Asset thresholds are problematic for government benefit recipients who are receiving inheritances. SSI and Medicaid often provide thousands of dollars per month in medical care and financial assistance. Losing these benefits will result in the quick depletion of their inheritance. Fortunately, federal law (42 U.S.C. § 1396p(d)(4)(A)) allows for the creation of a “special needs trust” also known as a “supplemental needs trust” so that a disabled person can enjoy their inheritance without losing benefit eligibility. By placing their inheritance in a special needs trust, a disabled person can access those funds for purposes like travel, dining out, vehicles, and purchasing consumer goods. Special needs trust funds are meant to supplement government benefits, and are therefore not supposed to be spent on medication, rent, or groceries. Special needs trusts provide flexibility for inheritance funds while allowing disabled individuals to remain eligible for government benefits, even when receiving large inheritances.
Manatee County Probate Lawyer
After a formal estate administration is commenced, if an heir or beneficiary believes that the personal representative is not fulfilling their duties, they may seek to have the personal representative removed. Grounds for removal would include the misappropriation of estate assets, or the failure to secure and protect property of the decedent. In some circumstances, the court will appoint an attorney ad litem to assist the personal representative in the proper administration of the estate as an alternative to removing the personal representative.
Contested Wills:
If a decedent’s will is contested, the court will make a determination regarding the validity of the will after hearing arguments from all parties. Wills may be contested as technically deficient (lacking witness signatures), lack of testamentary capacity, or as being the product of fraud or undue influence. A fraudulent will would be a forged will or a will that the decedent was induced to sign through fraud.
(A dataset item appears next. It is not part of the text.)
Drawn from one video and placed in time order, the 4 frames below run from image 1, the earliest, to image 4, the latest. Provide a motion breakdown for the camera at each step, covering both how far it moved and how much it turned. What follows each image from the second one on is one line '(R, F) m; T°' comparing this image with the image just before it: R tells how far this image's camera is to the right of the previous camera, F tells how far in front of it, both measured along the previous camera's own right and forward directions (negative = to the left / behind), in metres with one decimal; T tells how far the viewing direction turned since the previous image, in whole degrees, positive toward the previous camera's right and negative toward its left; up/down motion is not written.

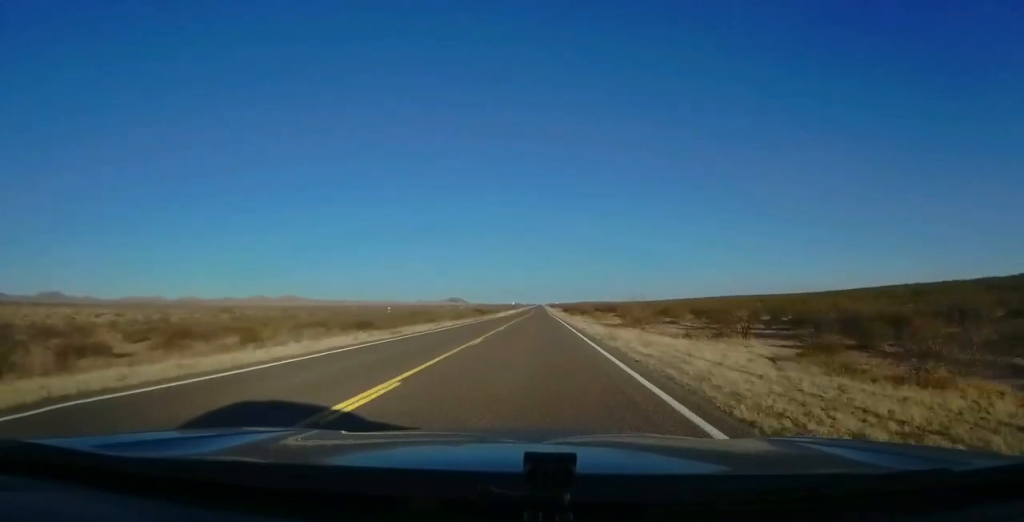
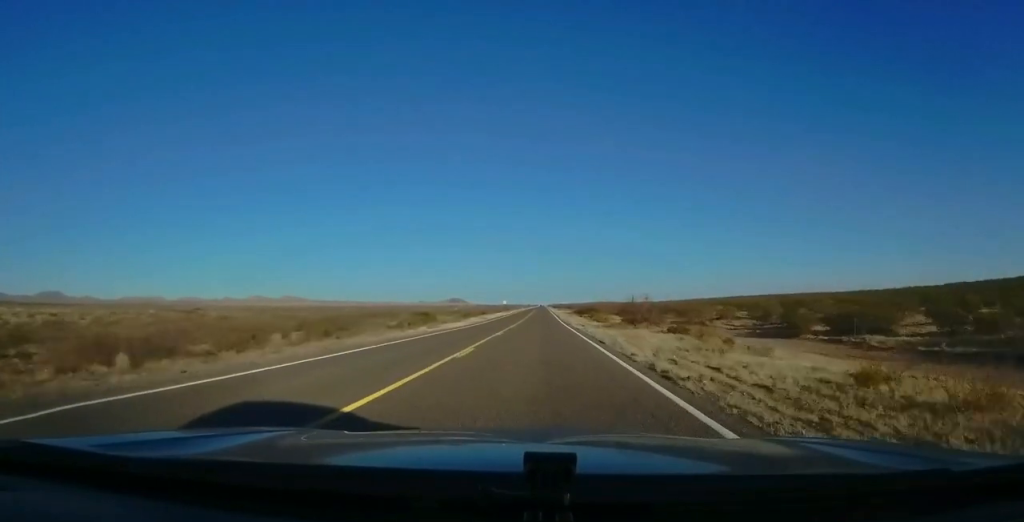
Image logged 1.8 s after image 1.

There are two general categories of fraud for a Florida will:
Fraud in the Execution: The decedent was led to believe the will they signed was some other document than a Will.
Fraud in the Inducement: The decedent was intentionally misled about important matters that affected the decisions made in their will.
Undue influence is differentiated from fraud, and can be used to invalidate a will when the someone benefiting from the will had a confidential relationship with the decedent and procured the will for the decedent to sign.
Lack of testamentary capacity means that the decedent did not have full possession of their mental faculties when they signed the will. This could be caused by dementia, drugs, or other factors affecting their cognition.